Simultaneous single photon counting and ion channel recording from free-standing lipid bilayers on a microstructured array.

Abstract

Fluorescence microscopy and, in particular, single molecule optical spectroscopy is of great potential value in characterizing the structural dynamics of membranes and membrane proteins. A particular challenge is to combine such high-resolution optical measurements with high-resolution voltage clamp electrical recordings that can provide direct information on single ion channel gating a block by drugs and analytes. Here, we report on the use of a novel chip-based, 2 × 2 arrangement of microelectrode cavities with borosilicate glass optical windows which facilitates optical access on an inverted microscope with water or oil-immersion objectives of high numerical aperture to horizontal free-standing lipid membranes, while controlling membrane voltage and recording currents using individual micropatterned, ring-shaped Ag/AgCl-electrodes to perform time-resolved single photon counting on free-standing membranes spanning sub-nanoliter cavities.
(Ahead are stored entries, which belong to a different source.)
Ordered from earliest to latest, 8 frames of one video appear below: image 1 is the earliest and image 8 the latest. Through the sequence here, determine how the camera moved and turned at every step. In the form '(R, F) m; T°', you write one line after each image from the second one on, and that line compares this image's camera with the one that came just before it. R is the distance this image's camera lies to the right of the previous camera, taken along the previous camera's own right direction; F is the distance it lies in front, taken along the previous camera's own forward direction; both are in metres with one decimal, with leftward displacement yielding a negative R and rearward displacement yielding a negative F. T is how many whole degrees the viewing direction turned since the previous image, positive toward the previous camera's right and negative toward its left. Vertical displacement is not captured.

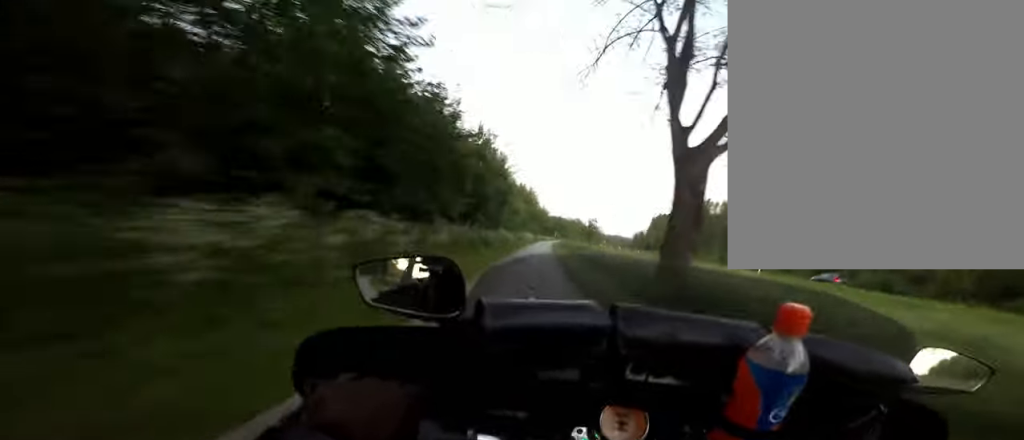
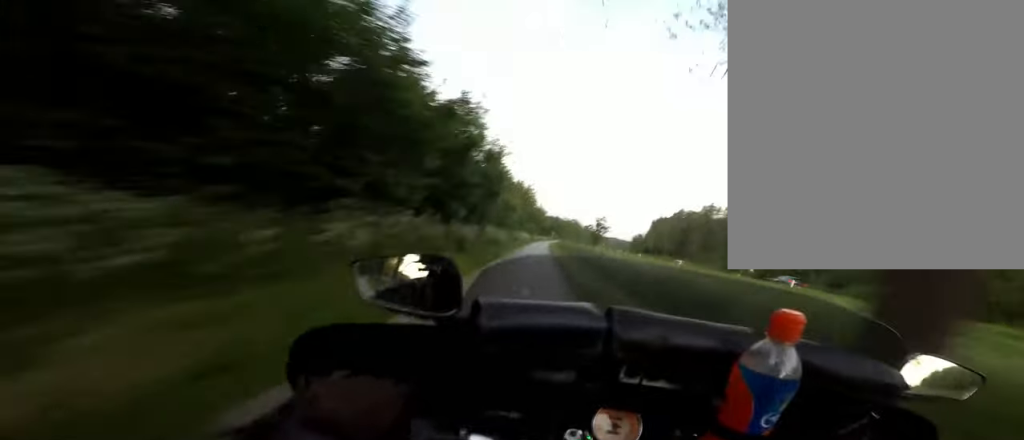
(0.0, +5.7) m; +1°
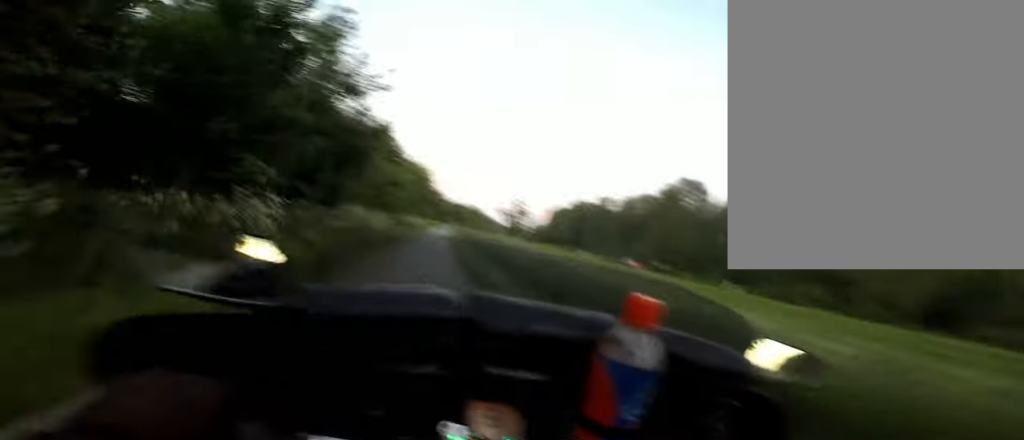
(+0.3, +7.7) m; 0°
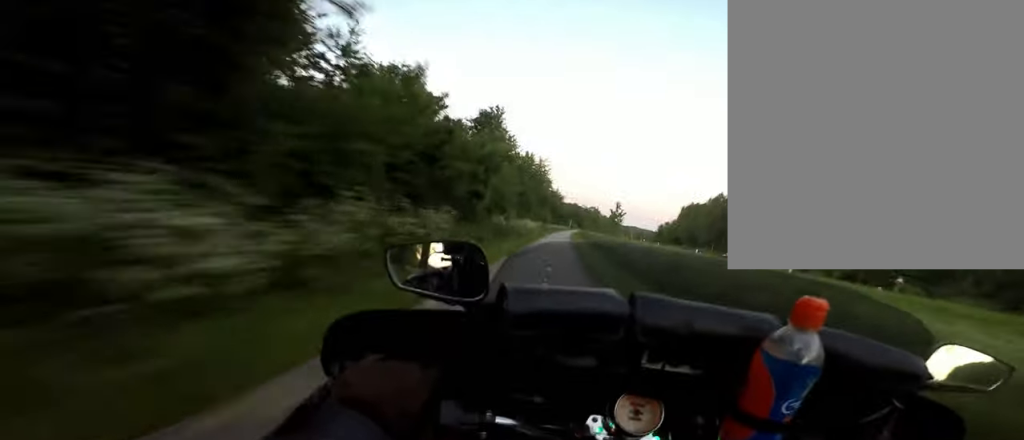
(-0.3, +13.8) m; 0°
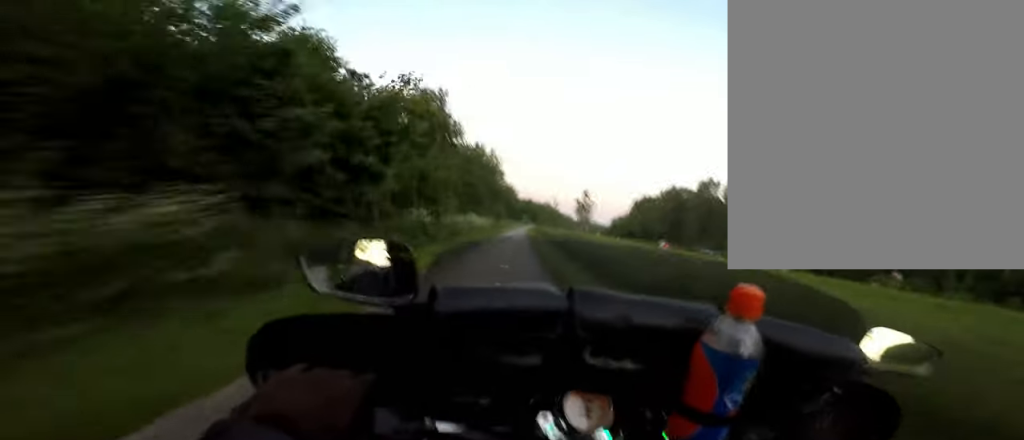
(+0.1, +6.6) m; +1°
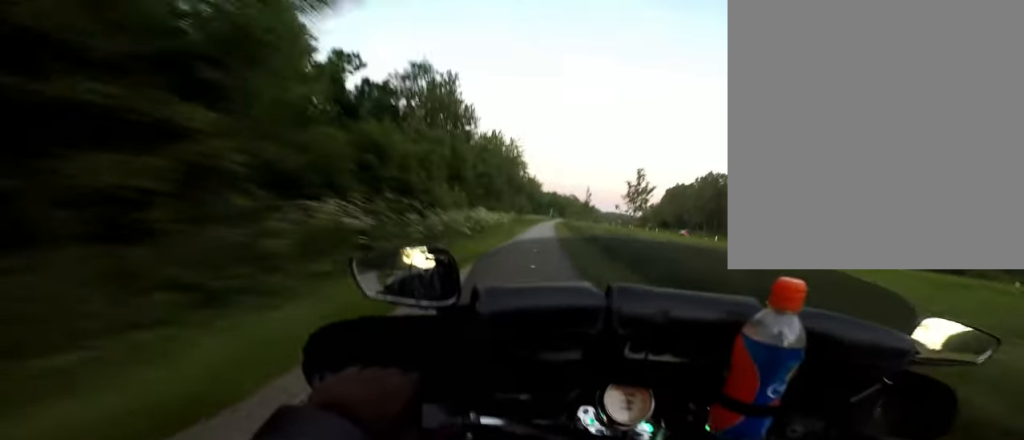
(+0.1, +6.6) m; +1°
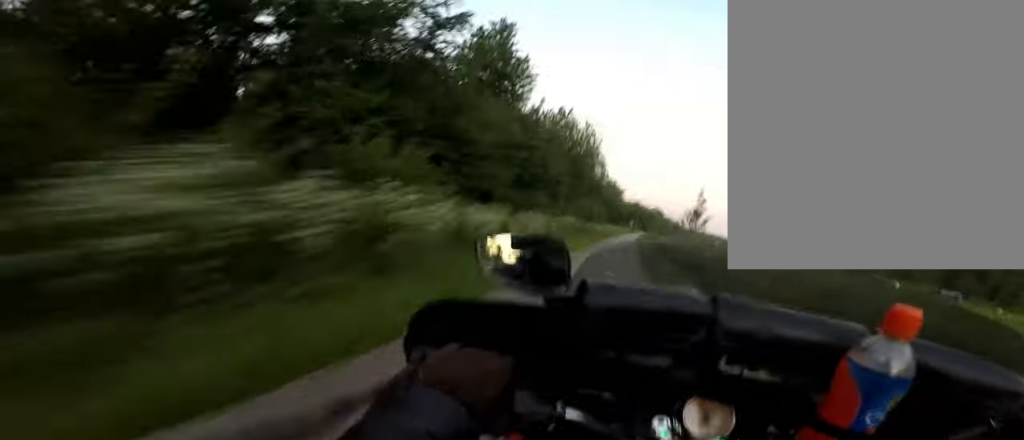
(+0.1, +14.7) m; +1°
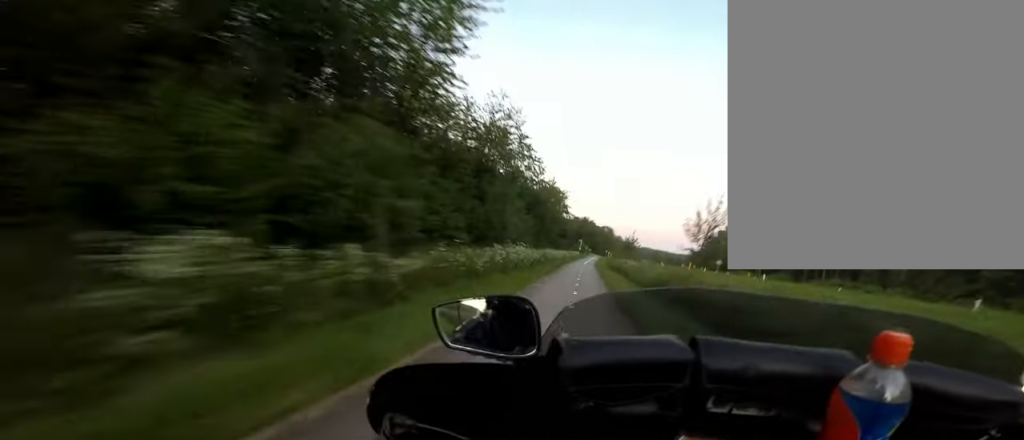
(-0.3, +38.3) m; -1°

Single channel activity induced by the fluorescently labelled pore-forming peptide ceratotoxin A was simultaneously acquired. This device allows for rapid formation of four membranes that are simultaneously monitored electrically using a four-channel amplifier and can be sequentially optically addressed, greatly reducing the time needed for successful experimentation. During our experiments, we noted autofluorescence of the borosilicate to be a limiting factor for wide-field low-intensity fluorescence recording, but this can likely be circumvented by using quartz glass instead. In summary, the novel device increases the likelihood of realizing the long standing ambition to correlate structural and functional dynamics of single membrane proteins on the single molecule level.